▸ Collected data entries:
______
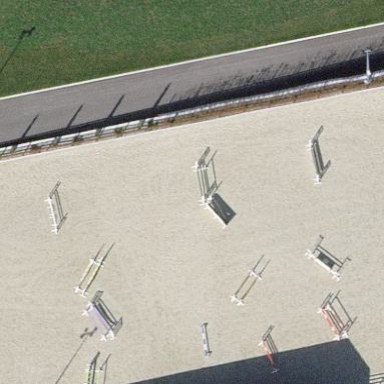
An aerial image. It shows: Equestrian pitch surrounded by fence.
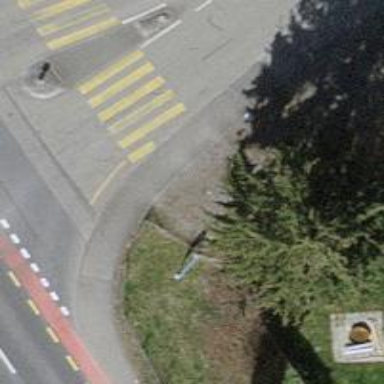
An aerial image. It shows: Footway with zebra crossing.
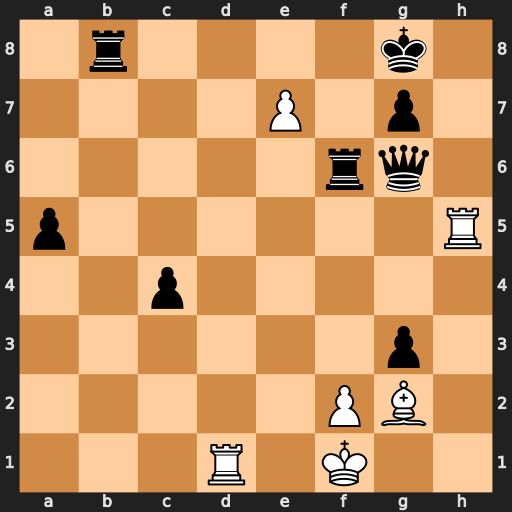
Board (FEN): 1r4k1/4P1p1/5rq1/p6R/2p5/6p1/5PB1/3R1K2
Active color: w
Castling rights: -
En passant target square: -
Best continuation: Rd8+ Qe8 Bd5+ Rf7 Rf5
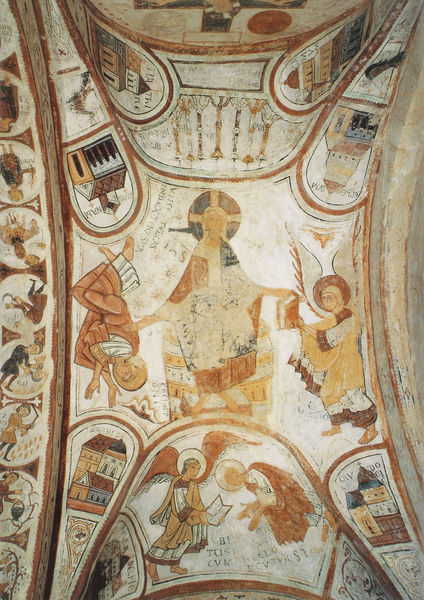
Titel: Oster- und Glorifikationszyklus
Standort: Léon, S. Isidoro, Pantheon (EU - E)
Schlagwörter: flügel, gott, weiß, gelb, bunt, rot, kirche, engel, italien, gewölbe, buch, kreuz, links, text, nimbus, christus, mittelalter, heilige, deckengemälde, fresko, jerusalem, deckenmalerei, heiliger geist, byzantinisch, pantokrator, christliches motiv, steindecke
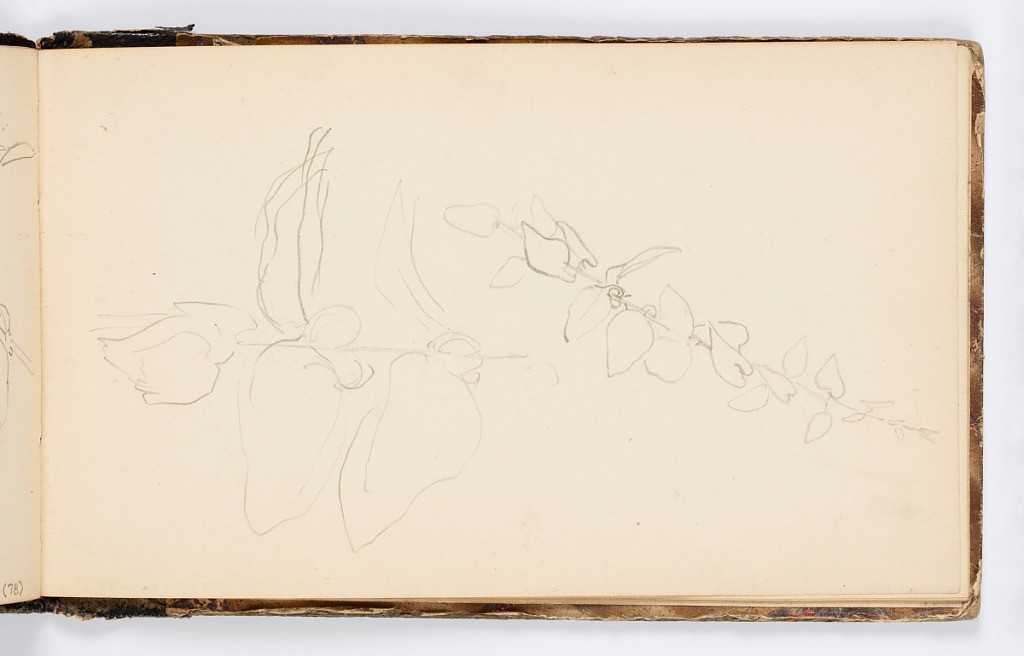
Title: Sketchbook Page
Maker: Kenyon Cox, American, 1856–1919
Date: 1875
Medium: Graphite on paper
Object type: Sketchbook folio
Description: Sketches of leaves and buds or berries.
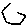
Label: hexagon
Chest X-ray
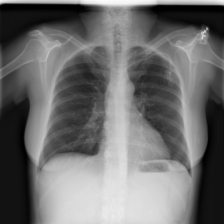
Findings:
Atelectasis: negative
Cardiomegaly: negative
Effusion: negative
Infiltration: negative
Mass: negative
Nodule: negative
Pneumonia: negative
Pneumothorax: negative
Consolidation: negative
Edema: negative
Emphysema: negative
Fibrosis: negative
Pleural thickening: negative
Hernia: negative
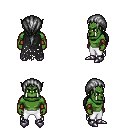
a pixel art fantasy rpg character, male body template, orc, green skin, black tattered cape, white pants, gray ponytail hairstyle, leather bracers, metal boots, four views (front, back, left, right), 2x2 character sprite sheet, small pixel art, hard edges, no anti-aliasing
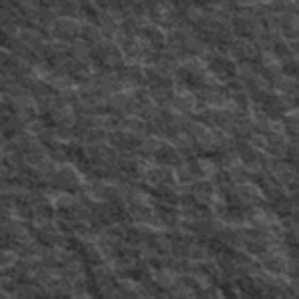
Label: frost
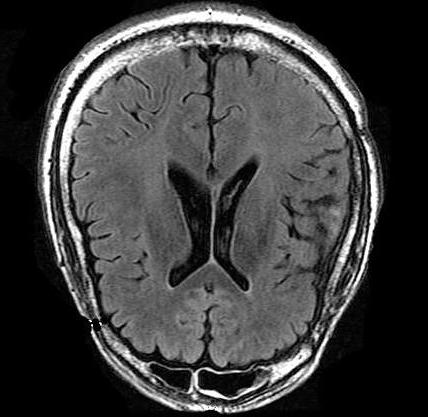
Label: notumor
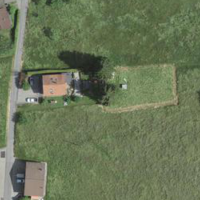
EUNIS habitat code: 25
Species observed at this site:
Cardamine pratensis
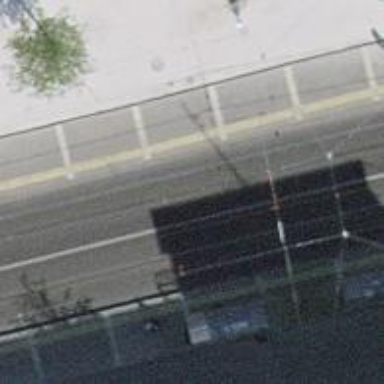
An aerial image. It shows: Tram stop with public transport stop position.
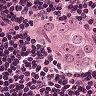
Metastatic tissue present: yes
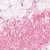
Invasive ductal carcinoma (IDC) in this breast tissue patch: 0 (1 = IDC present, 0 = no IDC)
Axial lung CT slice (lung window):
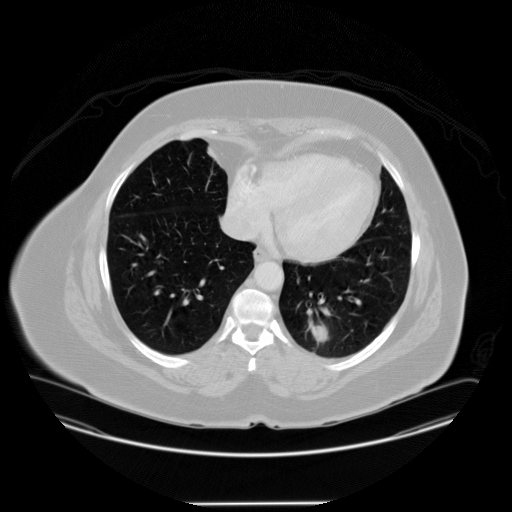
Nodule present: yes
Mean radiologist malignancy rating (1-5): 3.5
______
▸ YOUR GOAL: Please print an exact copy of the records, with no pictures.

▸ ANSWER FOR THE TASK:
An aerial image. It shows: Equestrian pitch surrounded by fence.
An aerial image. It shows: Footway with zebra crossing.
Board (FEN): 1r4k1/4P1p1/5rq1/p6R/2p5/6p1/5PB1/3R1K2
Active color: w
Castling rights: -
En passant target square: -
Best continuation: Rd8+ Qe8 Bd5+ Rf7 Rf5
Titel: Oster- und Glorifikationszyklus
Standort: Léon, S. Isidoro, Pantheon (EU - E)
Schlagwörter: flügel, gott, weiß, gelb, bunt, rot, kirche, engel, italien, gewölbe, buch, kreuz, links, text, nimbus, christus, mittelalter, heilige, deckengemälde, fresko, jerusalem, deckenmalerei, heiliger geist, byzantinisch, pantokrator, christliches motiv, steindecke
Title: Sketchbook Page
Maker: Kenyon Cox, American, 1856–1919
Date: 1875
Medium: Graphite on paper
Object type: Sketchbook folio
Description: Sketches of leaves and buds or berries.
Label: hexagon
Chest X-ray
Findings:
Atelectasis: negative
Cardiomegaly: negative
Effusion: negative
Infiltration: negative
Mass: negative
Nodule: negative
Pneumonia: negative
Pneumothorax: negative
Consolidation: negative
Edema: negative
Emphysema: negative
Fibrosis: negative
Pleural thickening: negative
Hernia: negative
a pixel art fantasy rpg character, male body template, orc, green skin, black tattered cape, white pants, gray ponytail hairstyle, leather bracers, metal boots, four views (front, back, left, right), 2x2 character sprite sheet, small pixel art, hard edges, no anti-aliasing
Label: frost
Label: notumor
EUNIS habitat code: 25
Species observed at this site:
Cardamine pratensis
An aerial image. It shows: Tram stop with public transport stop position.
Metastatic tissue present: yes
Invasive ductal carcinoma (IDC) in this breast tissue patch: 0 (1 = IDC present, 0 = no IDC)
Axial lung CT slice (lung window):
Nodule present: yes
Mean radiologist malignancy rating (1-5): 3.5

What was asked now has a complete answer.